Updated on 2024-04-03 GMT+08:00

Creating Identification Rules

To effectively identify sensitive data fields in a database, you can create identification rules.

Data security levels, data classifications, and identification rules are DataArts Studio instance-level configurations and can be exchanged between workspaces. In this way, data can be managed based on unified standards in the Data Map component.

After an identification rule is created, it remains to be confirmed by default and cannot take effect for a static masking task. To make the identification rule take effect, perform the following operations:

After running a sensitive data discovery task, you must choose Sensitive Data Distribution in the left navigation pane, click the Manual Recovery tab, and ensure that the identification rule of the task is valid, so that the rule can take effect for dynamic masking tasks.

Prerequisites

Constraints

  • Only the DAYU Administrator, Tenant Administrator, or data security administrator can create, modify, or delete data security levels, classifications, and identification rules. Other common users do not have permission to perform these operations.
  • If the sensitive data identification rule is of the content identification type (that is, a built-in rule or a custom rule of the content identification type), a field is considered as a sensitive field and matched with a security level and classification only when the proportion of the number of records that match the identification rule of a field to the total number of records in the data table exceeds a specified threshold (80% by default).
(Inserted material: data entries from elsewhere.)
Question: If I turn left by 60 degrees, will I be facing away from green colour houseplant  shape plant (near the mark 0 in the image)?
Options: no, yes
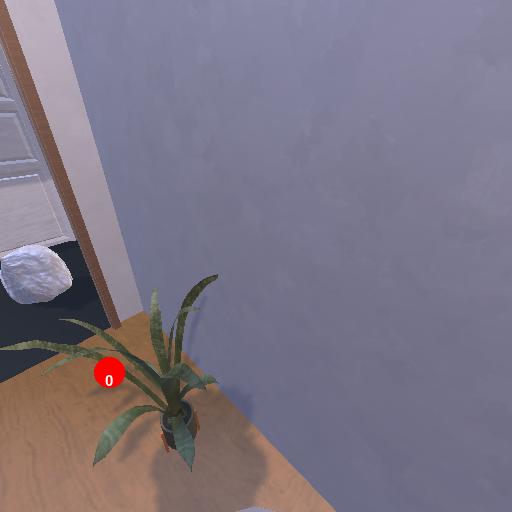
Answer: no
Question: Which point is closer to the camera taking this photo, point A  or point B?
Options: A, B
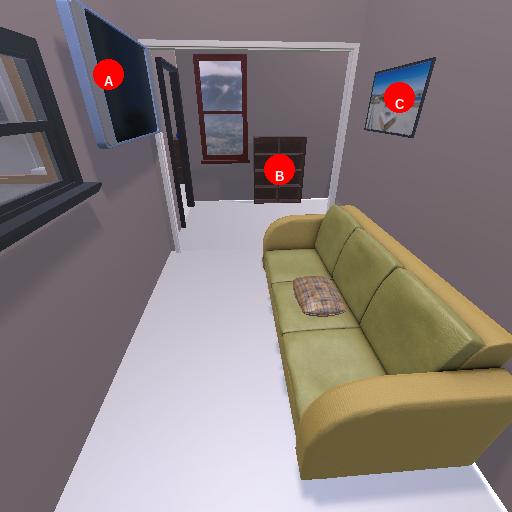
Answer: A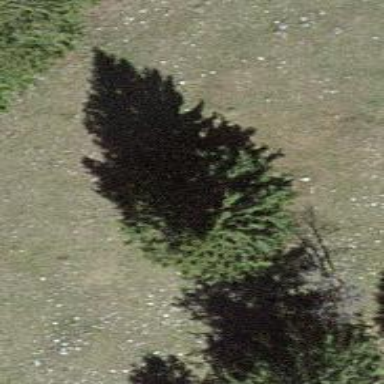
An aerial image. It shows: Single tag "natural: tree."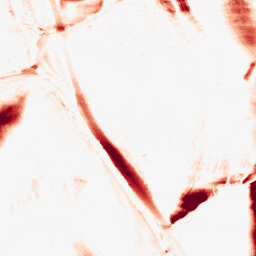
Category: morphological
Decomposition family: morphological_ellipse
Decomposition parameters: operation: opening
width: 10
height: 50
Upsampling method: bilinear
Upsampling parameters: scale: 8
Upsampling scale: 8
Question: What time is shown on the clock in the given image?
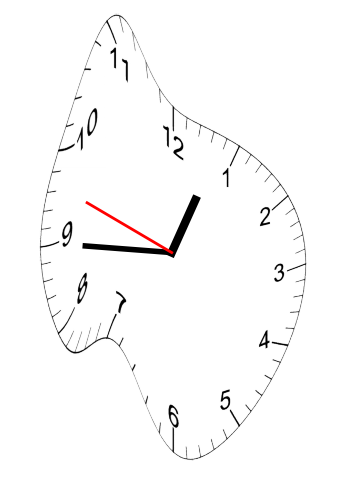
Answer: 12:44:48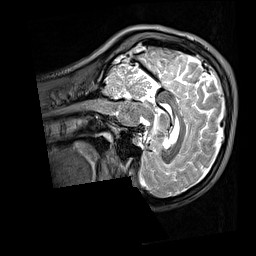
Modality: T2w
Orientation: sagittal
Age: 28
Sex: female
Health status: healthy
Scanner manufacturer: siemens
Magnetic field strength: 3 T
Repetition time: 3.2 s
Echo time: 0.568 s
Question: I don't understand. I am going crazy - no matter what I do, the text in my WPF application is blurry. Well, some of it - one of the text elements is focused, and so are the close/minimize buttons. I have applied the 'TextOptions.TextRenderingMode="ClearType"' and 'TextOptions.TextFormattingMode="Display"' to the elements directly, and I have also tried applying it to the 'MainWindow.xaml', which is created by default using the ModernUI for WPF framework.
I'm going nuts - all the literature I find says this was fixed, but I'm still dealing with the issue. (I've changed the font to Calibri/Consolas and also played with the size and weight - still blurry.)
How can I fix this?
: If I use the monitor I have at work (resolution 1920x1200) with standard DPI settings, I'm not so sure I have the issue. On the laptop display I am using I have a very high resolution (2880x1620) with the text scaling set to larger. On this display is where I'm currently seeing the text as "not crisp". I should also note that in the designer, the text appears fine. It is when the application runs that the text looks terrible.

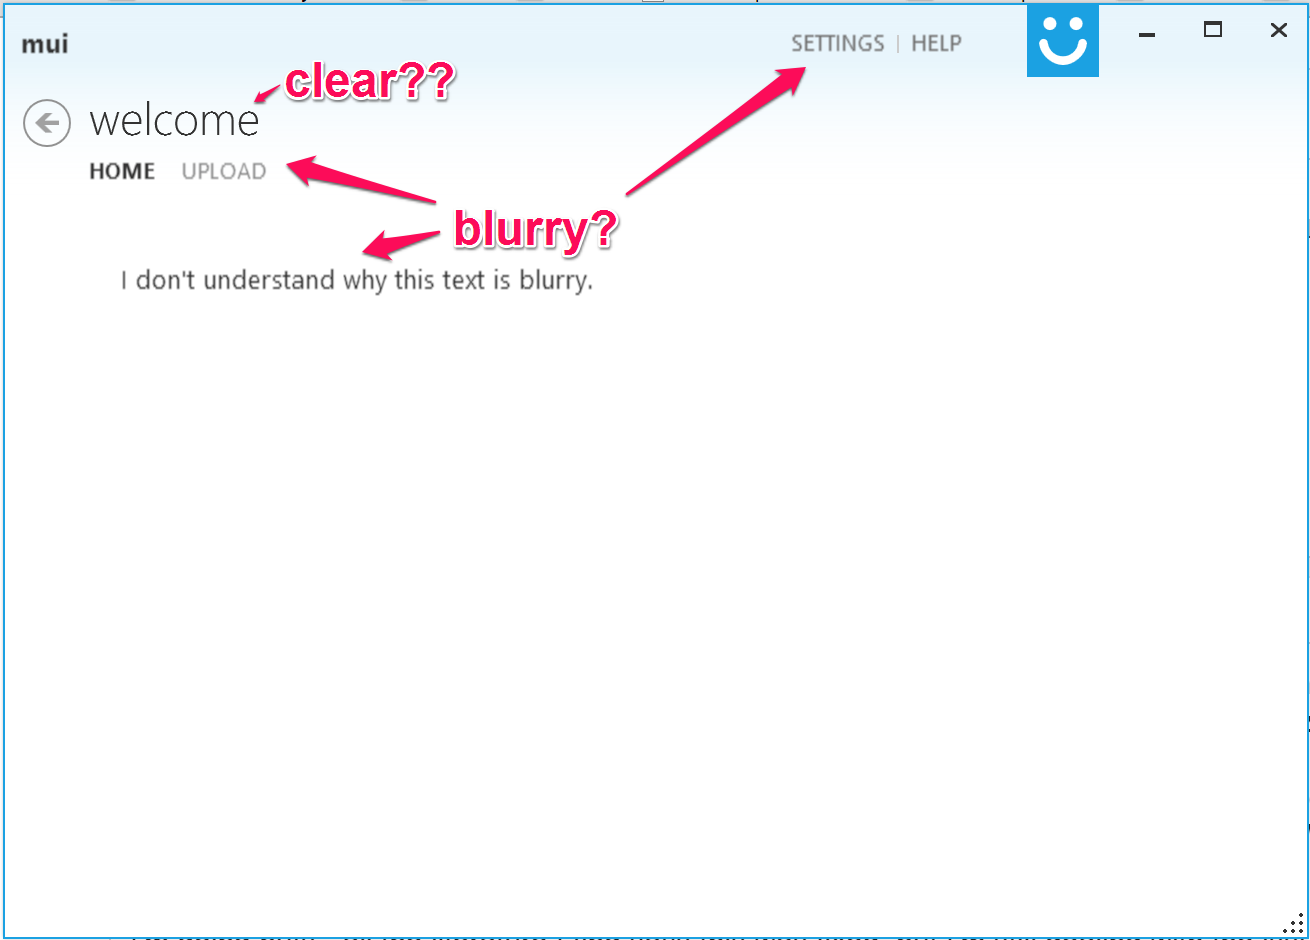
Answer: So, I found out my issue is specifically with the Modern UI Framework. I'm not sure why. I switched over to using MahApps.Metro and I have no issues with font clarity.

Creating a Data Identification Rule

  1. On the DataArts Studio console, locate an instance and click Access. On the displayed page, locate a workspace and click DataArts Security.

    Figure 1 DataArts Security

  2. In the left navigation pane, choose Data Identification Rules.
  3. On the displayed page, click Create.

    Figure 2 Creating a data identification rule

  4. Set the parameters based on Table 1 and click OK.

    Figure 3 Setting parameters for the rule
    Table 1 Parameters

    Parameter

    Description

    *Type

    The category to which a rule belongs. You can either create a rule based on built-in templates or customize one.

    *Security Level

    Classify the configured data into different levels. If the existing security levels do not meet the requirements, go to the Data Confidentiality page to create security levels. For details, see Creating Data Security Levels.

    Data Classification

    Classify the configured data into different types. If the existing classifications do not meet the requirements, go to the Data Classification page to create classifications. For details, see Creating Data Classifications.

    Description

    A description of the rule to be created.

    Built-in

    *Template

    This parameter is displayed when Type is set to Built-in.

    The system provides more than 70 preset sensitive data identification and masking rules for the following information: sensitive personal information (such as phone numbers, debit cards, and credit cards), sensitive enterprise information (such as financial asset information and delivery information), sensitive key information (such as DSA keys and RSA keys), sensitive device information (such as IPv4 and IPv6 addresses), sensitive location information (such as provinces, cities, GPS locations, and addresses), and general sensitive information (date).

    *Name

    If Type is set to Built-in, the rule name is automatically generated based on the template.

    Custom

    *Name

    If Type is set to Custom, you can enter a rule name, which is mandatory. You are advised to include the rule meaning into the rule name and avoid meaningless descriptions so that the rule can be quickly located and selected.
    NOTE:

    The name must be unique.

    *Rule Recognition

    This parameter is displayed when Type is set to Custom. The options are None and Regular.

    If you select None, the sensitive data identification task associated with the rule does not take effect. Data assets cannot be automatically classified. You need to manually add categories.

    *Regular

    This parameter is displayed when Regular is set for Rule Recognition.

    • If you select Content recognition, enter a custom regular expression. The expression will be used to identify data content. Example: ^ male$|^female&.
    • If you select Column name recognition, enter a custom regular expression. The expression will be used to accurately or fuzzily identify column names. Multiple column names can be identified at the same time. Example: sex|gender.
    • If you select Remarks recognition, enter a custom regular expression. The expression will be used to fuzzily identify remarks. Example: .*comment.*.

Related Operations

  • Editing an identification rule: On the Data Identification Rules page, locate an identification rule and click Edit in the Operation column to change the security level, classification, and description of the identification rule. For a custom rule, you can also change the rule recognition and regular expression.
  • Editing the identification rule status: The identification rule is enabled by default. If the identification rule is disabled, it cannot be added to an identification rule group.

    To change the status of the identification rule, click or to enable or disable the rule.

  • Deleting identification rules: On the Data Identification Rules page, locate an identification rule and click Delete in the Operation column. To delete identification rules in a batch, select them and click Delete above the list.
    Note: Identification rules that have been referenced by identification rule groups or masking policies cannot be deleted. To delete such rules, modify the reference relationship first.

    The deletion operation cannot be undone. Exercise caution when performing this operation.

  • Testing preset rule templates: On the Preset Rule Templates tab page, you can view all preset rule templates and test the recognition result of the templates by entering custom sample data.